Polisario's representative to France, Fadel Ismaïl, stated that as France welcomes the "year of Morocco," it has forgotten that country's illegal occupation of the Western Sahara. He called on all persons of good will, and the media, to raise public awareness of the implications of Morocco's involvement in the Western Sahara and to call on Moroccan officials to respect the right of the Sahrawi people to self-determination. The Sahrawi should not be eternally condemned to Moroccan occupation as a result of France's priority to maintain good relations with Morocco, despite that country's increasing isolation as a result of its obstruction of the Western Sahara peace process. He called on France to liberate itself from the shackles imposed on it by these relations and to resume its place as a responsible player in the region of Northwest Africa.


During a public meeting organized by the All Party Group for the Sahrawi people, many MPs denounced Morocco's obstruction of the peace process and called on the British government to exercise pressure on Morocco. They expressed their indignation at the allocation of $281 million in EU aid to Morocco this year, while Morocco spends $1 million a day in its illegal occupation of Western Sahara (Polisario Front's UK information bureau).

A delegation from the All Party Group for the Sahrawi people in Parliament met the British Minister of State for Foreign Affairs, Derek Fatchett, to discuss the latest developments regarding Western Sahara.

British Government's answer
In an answer to a written question by Lord Steel in the House of Lords about the British government's current policy on Western Sahara, following the failure of the United Nations to hold the referendum last month, Baroness Symons of Vernham Dean answered on behalf of the government: "Her Majesty's Government was disappointed that the referendum in the Western Sahara had to be postponed until December 1999. The UN Secretary General recently visited the region and presented to all the parties involved a package of proposals intended to advance the referendum process.

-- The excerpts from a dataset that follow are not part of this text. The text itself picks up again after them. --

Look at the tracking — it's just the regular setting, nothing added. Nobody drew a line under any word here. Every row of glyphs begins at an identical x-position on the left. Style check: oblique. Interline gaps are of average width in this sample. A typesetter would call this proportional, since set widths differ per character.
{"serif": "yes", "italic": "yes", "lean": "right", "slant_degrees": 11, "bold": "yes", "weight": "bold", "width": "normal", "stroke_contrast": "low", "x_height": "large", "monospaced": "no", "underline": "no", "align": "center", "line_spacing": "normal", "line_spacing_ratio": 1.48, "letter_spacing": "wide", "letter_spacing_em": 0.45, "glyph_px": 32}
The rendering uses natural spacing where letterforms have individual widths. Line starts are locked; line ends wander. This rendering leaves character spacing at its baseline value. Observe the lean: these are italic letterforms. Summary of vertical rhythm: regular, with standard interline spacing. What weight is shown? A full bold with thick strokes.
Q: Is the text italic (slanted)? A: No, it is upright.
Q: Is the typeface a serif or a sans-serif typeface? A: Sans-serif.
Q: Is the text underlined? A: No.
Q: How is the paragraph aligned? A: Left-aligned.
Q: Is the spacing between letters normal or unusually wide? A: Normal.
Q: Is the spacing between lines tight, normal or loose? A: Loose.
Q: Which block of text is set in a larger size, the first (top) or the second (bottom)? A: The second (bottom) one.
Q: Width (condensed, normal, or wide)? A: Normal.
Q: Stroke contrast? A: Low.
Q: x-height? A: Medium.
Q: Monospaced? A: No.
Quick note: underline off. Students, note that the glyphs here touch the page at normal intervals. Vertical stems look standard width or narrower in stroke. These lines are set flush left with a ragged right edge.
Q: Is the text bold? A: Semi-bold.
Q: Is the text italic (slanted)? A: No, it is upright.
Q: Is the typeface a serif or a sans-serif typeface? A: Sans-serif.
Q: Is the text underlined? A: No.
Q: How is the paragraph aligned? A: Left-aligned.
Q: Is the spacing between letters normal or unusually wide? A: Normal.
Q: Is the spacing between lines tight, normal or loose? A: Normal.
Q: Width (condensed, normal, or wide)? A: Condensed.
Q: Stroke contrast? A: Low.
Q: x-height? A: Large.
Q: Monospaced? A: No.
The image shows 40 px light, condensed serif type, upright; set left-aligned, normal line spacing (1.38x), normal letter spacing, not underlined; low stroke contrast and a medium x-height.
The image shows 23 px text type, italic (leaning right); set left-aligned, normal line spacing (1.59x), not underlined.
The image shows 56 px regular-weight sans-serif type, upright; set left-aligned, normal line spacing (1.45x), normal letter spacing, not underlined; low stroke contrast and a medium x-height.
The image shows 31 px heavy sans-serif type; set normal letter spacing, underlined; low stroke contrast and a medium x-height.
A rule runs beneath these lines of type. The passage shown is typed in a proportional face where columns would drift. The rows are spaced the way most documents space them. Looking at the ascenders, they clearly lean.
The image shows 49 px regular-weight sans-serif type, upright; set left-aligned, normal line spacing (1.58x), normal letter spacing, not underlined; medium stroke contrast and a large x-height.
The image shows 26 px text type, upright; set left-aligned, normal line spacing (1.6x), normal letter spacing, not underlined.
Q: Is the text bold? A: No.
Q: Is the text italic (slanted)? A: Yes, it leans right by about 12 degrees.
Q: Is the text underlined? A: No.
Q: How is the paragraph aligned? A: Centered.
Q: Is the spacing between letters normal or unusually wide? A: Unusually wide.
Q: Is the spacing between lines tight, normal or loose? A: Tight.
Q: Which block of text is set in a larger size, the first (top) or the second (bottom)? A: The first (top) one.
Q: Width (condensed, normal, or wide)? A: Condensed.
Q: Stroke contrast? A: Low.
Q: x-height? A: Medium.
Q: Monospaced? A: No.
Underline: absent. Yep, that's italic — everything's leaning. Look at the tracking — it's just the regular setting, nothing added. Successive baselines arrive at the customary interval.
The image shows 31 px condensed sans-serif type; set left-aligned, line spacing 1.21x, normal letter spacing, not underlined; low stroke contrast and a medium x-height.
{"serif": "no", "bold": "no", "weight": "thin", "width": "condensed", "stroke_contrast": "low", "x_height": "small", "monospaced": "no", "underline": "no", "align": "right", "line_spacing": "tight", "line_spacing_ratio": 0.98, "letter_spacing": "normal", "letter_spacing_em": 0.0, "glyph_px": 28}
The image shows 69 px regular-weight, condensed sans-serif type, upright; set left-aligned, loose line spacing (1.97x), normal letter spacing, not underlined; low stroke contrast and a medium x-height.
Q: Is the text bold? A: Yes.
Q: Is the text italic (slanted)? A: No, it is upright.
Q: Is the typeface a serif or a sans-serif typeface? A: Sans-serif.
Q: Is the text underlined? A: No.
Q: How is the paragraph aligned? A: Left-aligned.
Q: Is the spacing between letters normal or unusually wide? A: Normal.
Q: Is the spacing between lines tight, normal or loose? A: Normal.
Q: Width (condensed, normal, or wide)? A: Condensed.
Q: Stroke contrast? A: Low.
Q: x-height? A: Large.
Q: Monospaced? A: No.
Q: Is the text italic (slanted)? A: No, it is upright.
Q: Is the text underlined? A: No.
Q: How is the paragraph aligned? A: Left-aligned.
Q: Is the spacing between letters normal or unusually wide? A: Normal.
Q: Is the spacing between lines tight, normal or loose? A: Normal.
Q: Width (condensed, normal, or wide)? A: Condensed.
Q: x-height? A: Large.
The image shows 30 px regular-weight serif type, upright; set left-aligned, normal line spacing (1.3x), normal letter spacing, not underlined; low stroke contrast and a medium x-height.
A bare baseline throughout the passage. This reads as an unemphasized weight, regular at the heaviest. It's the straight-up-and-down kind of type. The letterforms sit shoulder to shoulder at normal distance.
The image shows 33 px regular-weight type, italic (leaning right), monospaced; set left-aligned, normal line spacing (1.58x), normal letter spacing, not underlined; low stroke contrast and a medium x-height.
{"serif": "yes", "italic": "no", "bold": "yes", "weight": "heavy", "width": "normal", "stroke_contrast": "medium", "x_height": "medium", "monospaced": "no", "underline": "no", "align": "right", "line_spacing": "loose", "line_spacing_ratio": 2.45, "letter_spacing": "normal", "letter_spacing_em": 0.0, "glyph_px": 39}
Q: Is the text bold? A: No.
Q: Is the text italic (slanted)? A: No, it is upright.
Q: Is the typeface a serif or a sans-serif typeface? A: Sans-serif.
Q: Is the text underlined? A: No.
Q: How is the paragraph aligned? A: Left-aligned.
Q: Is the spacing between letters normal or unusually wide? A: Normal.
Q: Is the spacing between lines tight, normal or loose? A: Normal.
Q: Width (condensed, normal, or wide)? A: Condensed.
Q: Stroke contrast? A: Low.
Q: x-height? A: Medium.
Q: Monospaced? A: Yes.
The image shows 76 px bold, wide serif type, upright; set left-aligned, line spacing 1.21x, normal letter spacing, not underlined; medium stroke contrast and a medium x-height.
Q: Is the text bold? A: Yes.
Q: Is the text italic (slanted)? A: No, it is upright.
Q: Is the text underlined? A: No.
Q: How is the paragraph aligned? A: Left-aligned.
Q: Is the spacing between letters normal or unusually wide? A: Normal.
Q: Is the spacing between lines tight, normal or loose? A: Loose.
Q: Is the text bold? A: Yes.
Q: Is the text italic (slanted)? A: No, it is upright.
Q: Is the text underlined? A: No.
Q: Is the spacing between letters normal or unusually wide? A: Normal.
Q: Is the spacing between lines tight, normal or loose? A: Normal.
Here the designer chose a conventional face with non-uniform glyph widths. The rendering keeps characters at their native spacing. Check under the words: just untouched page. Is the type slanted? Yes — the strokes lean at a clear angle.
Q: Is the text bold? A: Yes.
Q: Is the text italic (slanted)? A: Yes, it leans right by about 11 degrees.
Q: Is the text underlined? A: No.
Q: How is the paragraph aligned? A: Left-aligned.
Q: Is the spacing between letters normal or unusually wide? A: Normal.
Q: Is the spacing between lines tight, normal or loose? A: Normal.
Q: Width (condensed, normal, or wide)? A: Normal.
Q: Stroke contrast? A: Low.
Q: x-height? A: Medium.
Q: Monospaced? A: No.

The Polisario, Algeria and Mauritania have all accepted this package and we hope that Morocco also will soon accept. We fully support the UN's efforts to find a just and durable settlement to this dispute. We are working with our EU partners, within the Friends of the Western Sahara Group at the UN and at the Security Council to encourage Morocco to rally to the consensus on the next steps in the process."

SG Report S/1999/88

In his report to the Security Council on the situation in Western Sahara, the Secretary-General noted the Moroccan government's decision to engage in detailed discussions with his Special Representative and the Chairman of the Identification Commission on voter identification and appeals protocols in connection with a referendum on self-determination in the territory. The Moroccan Government is now studying the clarifications provided by the United Nations.
The Secretary-General expressed hope that the current consultations can lead to a prompt resumption of the identification process and to the initiation of the appeals process. He also welcomes the Moroccan Government's decision to formalize the status of the UN High Commissioner for Refugees (UNHCR) in the territory. The Secretary-General recommended that the mandate of the UN Mission for the Referendum in Western Sahara (MINURSO) be extended until 28 February. (UN Highlights)

Security Council Resolution S/RES/1224 1999

"The Security Council extends the mandate of the MINURSO until 11 February 1999. Unanimously adopting resolution 1224 (1999), the Council asked the Secretary-General to keep it informed of all significant developments in the implementation of the Settlement Plan and the agreements reached between the parties - the Government of Morocco and the POLISARIO - and, as appropriate, on the continuing viability of MINURSO's mandate."

Basri declaration

Morocco and the United Nations concluded an agreement on the resumption of the identification of would-be voters in the self-determination referendum that the UN plans to hold in the Sahara. The accord deals with the resumption of the identification of tribal groups who had not been admitted to identification, the beginning of appeal procedures and the status of the MINURSO in Morocco (MAP).

EU aid to Morocco

"The European Union's £4bn overseas aid budget should be radically overhauled to ensure that funds go to the world's poorest countries (...). In a scathing report, the Commons International Development Select Committee will call for a "refocusing" of the EU's priorities. The MPs were horrified that Morocco, which is accused of human right abuses in its illegal occupation of Western Sahara, comes out on top of the list of aid recipients. Morocco receives 8 times more EU aid per head than Bangladesh and Ethiopia" (The Independent).

Human rights
In the November 20 to 26, 1998 issue (No 11) of the Moroccan periodical As-Siyassa, it was reported that the 320 Sahrawi detainees released by Moroccan authorities in June 1991, continue to face daily difficulties including health and employment problems. Fifty-seven detainees died in prison, 13 others following their release as a result of serious health problems caused by poor conditions in detention (Courrier de France, No 7).